--- Records for the exercise Enclosed Below ---

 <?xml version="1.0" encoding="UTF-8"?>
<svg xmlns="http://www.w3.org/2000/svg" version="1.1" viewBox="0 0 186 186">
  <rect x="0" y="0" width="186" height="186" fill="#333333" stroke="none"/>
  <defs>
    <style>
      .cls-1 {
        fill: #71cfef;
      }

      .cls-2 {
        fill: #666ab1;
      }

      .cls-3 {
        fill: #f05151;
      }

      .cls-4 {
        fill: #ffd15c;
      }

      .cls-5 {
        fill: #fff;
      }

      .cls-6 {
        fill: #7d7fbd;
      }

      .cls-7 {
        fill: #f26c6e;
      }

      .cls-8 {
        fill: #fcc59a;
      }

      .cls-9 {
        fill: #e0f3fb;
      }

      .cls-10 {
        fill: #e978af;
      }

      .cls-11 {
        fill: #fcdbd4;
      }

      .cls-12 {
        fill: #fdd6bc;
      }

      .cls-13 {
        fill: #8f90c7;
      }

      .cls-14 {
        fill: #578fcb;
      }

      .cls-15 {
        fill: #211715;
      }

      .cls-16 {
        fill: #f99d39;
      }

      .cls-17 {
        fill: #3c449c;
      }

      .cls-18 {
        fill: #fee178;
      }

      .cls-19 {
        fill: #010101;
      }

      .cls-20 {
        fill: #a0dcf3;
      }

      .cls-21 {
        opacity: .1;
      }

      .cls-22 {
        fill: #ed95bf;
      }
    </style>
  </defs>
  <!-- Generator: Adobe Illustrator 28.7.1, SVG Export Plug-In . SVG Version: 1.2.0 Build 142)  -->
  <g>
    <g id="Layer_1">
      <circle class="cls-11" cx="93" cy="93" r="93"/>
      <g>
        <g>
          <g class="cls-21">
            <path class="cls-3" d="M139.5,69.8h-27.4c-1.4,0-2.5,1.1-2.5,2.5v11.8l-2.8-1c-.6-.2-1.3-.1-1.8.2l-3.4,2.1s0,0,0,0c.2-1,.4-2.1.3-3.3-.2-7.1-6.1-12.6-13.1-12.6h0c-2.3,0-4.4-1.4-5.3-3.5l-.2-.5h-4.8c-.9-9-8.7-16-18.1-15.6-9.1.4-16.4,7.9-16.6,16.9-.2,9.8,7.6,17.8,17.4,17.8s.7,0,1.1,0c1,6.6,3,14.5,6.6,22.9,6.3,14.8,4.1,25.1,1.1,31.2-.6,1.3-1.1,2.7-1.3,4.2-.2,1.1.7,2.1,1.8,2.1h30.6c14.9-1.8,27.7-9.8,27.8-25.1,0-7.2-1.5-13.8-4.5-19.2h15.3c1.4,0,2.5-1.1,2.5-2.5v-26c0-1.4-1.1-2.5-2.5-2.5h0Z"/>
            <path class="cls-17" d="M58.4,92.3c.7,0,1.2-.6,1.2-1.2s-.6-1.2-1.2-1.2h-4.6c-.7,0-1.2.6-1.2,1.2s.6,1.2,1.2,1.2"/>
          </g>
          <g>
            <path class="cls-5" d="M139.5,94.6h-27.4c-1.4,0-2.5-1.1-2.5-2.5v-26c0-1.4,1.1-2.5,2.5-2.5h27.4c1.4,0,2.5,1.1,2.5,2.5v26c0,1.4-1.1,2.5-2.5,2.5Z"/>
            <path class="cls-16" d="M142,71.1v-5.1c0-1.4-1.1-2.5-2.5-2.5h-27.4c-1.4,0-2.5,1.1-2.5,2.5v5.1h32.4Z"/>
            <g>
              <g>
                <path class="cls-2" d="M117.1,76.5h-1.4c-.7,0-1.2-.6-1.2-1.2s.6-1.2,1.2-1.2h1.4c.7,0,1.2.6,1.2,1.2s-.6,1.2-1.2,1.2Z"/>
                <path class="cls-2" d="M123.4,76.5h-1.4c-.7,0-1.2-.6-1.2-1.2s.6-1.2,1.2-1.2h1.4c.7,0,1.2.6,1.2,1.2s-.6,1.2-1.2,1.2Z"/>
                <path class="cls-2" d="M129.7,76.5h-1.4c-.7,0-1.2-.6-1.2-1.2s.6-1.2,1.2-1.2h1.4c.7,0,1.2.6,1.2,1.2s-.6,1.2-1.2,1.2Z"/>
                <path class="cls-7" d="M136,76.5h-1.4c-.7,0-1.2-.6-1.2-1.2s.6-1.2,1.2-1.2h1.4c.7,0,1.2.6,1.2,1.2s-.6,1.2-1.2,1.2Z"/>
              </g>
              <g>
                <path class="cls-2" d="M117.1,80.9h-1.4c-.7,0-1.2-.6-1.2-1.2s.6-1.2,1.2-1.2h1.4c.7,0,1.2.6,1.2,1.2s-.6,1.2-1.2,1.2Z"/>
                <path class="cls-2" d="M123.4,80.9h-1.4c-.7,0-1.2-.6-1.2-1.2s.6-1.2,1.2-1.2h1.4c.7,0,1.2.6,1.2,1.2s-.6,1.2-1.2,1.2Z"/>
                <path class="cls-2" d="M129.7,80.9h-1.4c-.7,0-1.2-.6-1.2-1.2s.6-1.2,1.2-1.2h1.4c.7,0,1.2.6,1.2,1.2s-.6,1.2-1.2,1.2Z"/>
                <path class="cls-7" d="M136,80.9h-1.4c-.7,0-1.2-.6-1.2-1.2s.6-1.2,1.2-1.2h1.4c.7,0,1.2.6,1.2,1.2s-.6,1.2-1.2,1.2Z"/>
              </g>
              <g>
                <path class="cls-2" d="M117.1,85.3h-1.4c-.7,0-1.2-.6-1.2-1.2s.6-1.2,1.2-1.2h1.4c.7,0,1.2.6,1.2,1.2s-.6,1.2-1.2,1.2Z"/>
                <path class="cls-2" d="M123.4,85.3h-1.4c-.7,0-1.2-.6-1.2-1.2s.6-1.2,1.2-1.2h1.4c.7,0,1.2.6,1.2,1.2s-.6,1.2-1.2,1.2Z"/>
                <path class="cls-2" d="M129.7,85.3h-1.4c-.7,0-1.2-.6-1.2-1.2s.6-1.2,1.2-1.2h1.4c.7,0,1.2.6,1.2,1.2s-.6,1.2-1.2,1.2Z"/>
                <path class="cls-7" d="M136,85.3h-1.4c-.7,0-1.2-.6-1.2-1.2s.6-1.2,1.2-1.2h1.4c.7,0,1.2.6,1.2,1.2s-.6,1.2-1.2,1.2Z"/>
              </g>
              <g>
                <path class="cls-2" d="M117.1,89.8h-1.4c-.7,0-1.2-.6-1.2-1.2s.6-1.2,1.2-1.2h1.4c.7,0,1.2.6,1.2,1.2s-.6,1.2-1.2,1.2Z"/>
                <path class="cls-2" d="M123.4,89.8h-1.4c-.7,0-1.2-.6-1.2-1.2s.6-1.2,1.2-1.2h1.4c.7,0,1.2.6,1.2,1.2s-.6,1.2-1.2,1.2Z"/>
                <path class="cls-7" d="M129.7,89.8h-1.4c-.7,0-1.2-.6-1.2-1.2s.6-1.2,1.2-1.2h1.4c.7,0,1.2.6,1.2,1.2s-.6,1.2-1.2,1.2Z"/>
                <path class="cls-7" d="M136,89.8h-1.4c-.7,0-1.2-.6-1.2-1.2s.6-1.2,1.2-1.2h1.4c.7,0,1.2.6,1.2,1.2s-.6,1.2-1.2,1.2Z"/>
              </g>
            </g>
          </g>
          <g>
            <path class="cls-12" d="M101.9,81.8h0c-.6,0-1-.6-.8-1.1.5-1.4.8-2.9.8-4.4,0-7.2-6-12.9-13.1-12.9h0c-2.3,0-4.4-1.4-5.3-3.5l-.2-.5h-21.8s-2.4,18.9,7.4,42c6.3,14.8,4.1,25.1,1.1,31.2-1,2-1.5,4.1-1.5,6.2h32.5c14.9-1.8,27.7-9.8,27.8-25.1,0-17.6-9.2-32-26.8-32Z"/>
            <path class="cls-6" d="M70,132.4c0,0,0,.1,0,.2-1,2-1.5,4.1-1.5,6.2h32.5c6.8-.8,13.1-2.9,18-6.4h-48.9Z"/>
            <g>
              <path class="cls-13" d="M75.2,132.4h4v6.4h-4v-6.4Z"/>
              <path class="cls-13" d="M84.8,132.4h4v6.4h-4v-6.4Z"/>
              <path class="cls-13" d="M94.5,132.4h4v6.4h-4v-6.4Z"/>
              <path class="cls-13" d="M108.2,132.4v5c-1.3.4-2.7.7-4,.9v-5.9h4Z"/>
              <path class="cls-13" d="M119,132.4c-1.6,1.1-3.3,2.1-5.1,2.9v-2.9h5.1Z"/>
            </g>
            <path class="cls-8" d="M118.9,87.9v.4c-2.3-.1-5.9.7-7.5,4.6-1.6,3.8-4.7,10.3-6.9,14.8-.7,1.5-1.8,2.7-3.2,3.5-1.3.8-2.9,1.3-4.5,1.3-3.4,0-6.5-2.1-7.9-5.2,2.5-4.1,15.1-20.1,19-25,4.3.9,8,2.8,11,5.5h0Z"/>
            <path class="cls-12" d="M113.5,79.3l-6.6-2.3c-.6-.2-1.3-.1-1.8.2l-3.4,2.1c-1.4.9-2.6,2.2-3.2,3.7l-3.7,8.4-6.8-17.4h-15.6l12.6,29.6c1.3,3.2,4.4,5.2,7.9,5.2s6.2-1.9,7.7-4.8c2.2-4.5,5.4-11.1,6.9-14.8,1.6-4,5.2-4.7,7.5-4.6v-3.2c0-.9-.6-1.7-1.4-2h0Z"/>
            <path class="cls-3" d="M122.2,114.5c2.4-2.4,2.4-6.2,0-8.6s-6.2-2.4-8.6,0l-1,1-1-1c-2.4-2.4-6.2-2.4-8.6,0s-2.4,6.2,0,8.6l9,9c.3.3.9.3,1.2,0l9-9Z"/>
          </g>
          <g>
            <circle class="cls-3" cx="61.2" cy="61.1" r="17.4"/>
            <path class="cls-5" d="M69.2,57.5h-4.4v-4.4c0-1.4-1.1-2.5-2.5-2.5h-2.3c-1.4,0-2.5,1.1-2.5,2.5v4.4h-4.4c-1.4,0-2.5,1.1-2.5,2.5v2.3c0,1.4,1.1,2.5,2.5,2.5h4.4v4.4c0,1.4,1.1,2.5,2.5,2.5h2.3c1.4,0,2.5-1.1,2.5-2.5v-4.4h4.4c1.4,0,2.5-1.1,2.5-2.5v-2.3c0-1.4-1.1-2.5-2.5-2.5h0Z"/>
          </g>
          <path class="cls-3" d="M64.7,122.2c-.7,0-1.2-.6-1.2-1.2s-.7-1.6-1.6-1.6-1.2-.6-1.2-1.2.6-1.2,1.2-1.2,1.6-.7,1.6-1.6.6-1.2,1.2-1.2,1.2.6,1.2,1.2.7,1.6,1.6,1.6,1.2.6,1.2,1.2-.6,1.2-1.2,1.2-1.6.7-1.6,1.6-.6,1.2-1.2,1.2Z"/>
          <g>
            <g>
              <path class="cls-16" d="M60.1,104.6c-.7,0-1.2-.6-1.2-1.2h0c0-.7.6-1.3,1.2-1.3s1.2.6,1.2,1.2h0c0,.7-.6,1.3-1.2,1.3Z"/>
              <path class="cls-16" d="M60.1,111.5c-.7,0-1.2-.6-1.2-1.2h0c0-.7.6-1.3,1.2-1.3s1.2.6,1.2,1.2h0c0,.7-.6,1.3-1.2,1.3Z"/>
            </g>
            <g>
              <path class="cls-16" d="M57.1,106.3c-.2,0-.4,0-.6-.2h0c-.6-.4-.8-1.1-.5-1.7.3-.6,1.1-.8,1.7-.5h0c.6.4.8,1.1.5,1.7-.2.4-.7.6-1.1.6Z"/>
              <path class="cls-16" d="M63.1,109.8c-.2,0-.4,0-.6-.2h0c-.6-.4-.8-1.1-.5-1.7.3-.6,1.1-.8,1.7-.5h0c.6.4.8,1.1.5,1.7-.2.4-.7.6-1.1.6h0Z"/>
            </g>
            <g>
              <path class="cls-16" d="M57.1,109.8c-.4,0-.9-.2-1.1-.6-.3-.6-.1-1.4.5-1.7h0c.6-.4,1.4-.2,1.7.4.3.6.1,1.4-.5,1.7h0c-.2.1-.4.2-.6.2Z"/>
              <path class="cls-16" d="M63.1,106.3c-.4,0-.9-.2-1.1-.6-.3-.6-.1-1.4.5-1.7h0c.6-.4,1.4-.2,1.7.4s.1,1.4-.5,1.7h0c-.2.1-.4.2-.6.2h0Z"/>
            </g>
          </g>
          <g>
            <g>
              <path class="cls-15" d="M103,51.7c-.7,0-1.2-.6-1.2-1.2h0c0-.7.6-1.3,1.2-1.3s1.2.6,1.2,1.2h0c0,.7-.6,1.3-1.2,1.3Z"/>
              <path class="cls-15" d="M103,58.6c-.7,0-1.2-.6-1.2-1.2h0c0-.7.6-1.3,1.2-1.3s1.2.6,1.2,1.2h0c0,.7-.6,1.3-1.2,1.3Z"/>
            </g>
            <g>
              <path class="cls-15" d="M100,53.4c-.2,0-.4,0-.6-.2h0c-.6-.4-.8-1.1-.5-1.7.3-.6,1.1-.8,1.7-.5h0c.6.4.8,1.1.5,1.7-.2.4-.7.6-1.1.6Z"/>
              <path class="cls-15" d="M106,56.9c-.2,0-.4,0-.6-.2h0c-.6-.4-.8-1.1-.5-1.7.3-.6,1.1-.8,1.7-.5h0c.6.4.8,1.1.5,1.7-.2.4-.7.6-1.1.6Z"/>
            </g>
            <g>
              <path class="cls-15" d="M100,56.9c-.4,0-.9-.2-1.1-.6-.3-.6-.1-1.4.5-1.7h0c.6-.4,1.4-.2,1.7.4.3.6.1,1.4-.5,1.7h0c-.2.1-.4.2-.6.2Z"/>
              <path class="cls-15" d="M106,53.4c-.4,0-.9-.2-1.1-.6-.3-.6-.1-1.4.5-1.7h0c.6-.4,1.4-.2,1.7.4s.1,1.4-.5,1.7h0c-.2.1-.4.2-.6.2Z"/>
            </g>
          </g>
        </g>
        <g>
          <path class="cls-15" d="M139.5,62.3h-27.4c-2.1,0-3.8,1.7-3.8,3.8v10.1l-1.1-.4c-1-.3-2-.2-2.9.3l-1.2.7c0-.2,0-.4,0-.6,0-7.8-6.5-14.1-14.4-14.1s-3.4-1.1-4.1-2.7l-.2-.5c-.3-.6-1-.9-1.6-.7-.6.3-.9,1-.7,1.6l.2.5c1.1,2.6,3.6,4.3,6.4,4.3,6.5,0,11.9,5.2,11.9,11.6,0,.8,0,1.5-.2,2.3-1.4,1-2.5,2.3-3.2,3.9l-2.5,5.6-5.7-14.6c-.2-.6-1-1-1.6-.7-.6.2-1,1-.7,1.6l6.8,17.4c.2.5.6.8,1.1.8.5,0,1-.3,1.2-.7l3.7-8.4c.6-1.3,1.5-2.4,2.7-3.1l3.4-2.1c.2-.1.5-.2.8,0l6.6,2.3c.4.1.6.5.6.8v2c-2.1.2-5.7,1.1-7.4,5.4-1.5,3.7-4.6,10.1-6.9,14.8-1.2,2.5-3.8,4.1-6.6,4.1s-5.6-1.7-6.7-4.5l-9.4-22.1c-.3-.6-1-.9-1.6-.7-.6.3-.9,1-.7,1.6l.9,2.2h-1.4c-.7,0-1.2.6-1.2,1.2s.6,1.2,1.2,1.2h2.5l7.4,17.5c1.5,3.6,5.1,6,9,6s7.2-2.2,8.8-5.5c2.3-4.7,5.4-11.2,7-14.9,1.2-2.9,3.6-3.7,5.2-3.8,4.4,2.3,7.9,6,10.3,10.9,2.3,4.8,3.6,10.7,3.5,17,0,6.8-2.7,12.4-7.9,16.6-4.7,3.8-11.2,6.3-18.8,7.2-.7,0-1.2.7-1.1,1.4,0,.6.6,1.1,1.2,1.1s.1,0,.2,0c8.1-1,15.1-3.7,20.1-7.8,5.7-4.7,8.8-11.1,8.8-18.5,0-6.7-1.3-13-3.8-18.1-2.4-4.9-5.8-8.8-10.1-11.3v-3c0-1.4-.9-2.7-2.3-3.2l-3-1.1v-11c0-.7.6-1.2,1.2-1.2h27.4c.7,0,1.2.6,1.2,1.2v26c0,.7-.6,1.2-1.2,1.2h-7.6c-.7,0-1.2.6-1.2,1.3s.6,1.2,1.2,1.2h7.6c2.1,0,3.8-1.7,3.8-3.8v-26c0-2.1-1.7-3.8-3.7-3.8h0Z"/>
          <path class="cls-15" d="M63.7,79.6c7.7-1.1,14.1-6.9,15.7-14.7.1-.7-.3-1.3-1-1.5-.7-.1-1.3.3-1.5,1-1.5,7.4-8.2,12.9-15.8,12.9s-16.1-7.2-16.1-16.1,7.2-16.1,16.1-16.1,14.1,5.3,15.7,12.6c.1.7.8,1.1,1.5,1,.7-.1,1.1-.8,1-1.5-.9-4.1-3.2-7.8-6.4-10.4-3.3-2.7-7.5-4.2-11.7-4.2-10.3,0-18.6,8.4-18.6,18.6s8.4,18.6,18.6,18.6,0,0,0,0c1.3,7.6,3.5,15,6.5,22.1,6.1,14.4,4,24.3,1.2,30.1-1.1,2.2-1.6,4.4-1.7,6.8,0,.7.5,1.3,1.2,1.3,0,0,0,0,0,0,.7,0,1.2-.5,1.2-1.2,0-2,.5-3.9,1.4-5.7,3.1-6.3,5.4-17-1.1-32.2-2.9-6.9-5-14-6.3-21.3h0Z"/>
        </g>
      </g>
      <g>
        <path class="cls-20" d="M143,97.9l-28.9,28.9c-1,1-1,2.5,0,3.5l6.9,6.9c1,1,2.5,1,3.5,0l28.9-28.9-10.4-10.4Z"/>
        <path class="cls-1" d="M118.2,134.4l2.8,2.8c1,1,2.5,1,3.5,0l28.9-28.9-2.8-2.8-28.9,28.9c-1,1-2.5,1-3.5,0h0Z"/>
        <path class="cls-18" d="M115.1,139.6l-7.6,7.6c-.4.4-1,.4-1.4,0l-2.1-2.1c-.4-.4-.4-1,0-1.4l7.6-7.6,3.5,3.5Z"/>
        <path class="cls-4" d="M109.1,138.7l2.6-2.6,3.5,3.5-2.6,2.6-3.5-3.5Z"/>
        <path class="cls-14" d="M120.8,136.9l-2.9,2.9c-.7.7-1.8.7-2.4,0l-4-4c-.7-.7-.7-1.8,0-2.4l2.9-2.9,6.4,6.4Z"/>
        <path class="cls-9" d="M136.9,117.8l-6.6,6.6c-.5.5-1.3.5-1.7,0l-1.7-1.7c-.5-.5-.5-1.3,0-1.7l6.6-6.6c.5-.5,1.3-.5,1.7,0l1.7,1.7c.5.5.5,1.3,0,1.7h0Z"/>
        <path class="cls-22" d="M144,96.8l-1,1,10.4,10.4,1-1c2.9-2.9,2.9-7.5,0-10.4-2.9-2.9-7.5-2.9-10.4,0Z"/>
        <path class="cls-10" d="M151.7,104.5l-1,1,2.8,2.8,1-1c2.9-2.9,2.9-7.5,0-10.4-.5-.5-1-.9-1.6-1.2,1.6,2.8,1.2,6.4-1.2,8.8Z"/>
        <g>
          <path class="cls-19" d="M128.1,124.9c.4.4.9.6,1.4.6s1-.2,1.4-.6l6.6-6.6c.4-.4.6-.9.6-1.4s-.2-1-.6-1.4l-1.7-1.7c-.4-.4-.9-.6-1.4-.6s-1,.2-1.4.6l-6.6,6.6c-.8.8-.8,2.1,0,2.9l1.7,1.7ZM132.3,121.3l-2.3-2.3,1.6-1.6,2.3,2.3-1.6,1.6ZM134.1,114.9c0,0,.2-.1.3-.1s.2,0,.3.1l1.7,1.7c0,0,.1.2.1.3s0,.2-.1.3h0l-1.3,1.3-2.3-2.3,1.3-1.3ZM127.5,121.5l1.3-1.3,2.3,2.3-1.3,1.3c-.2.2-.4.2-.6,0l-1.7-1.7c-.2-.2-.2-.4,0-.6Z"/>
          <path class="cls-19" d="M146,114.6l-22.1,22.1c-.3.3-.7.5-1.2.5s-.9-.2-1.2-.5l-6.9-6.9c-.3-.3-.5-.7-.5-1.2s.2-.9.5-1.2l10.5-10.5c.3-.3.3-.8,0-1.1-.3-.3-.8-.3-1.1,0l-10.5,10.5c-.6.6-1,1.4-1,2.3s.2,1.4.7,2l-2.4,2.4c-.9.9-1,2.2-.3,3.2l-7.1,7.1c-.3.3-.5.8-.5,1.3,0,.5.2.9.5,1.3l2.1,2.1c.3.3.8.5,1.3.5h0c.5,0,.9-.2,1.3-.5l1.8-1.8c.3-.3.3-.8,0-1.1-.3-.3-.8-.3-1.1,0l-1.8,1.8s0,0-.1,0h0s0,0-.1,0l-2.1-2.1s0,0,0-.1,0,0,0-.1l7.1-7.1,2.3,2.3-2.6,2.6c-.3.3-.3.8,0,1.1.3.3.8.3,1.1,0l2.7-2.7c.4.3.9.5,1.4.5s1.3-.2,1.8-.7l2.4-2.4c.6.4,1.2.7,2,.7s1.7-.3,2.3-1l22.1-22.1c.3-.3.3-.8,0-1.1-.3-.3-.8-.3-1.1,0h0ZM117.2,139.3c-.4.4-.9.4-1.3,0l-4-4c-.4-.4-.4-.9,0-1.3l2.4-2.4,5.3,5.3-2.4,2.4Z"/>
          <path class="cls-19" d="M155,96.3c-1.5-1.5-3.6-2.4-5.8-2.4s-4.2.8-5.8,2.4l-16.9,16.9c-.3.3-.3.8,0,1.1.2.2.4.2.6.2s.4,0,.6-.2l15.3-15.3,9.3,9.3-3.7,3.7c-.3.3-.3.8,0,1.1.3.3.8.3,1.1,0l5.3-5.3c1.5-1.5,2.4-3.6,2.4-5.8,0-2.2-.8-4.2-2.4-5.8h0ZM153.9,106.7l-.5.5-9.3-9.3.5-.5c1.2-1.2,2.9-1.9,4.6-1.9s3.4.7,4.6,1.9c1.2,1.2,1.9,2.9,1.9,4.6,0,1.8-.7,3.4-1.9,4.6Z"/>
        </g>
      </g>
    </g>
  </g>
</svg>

--- End of Enclosed Records for the exercise ---

• _Task objective_
Look through the entries above and copy each line that has "circle" in it.

• _Reply to the exercise_
      <circle class="cls-11" cx="93" cy="93" r="93"/>
            <circle class="cls-3" cx="61.2" cy="61.1" r="17.4"/>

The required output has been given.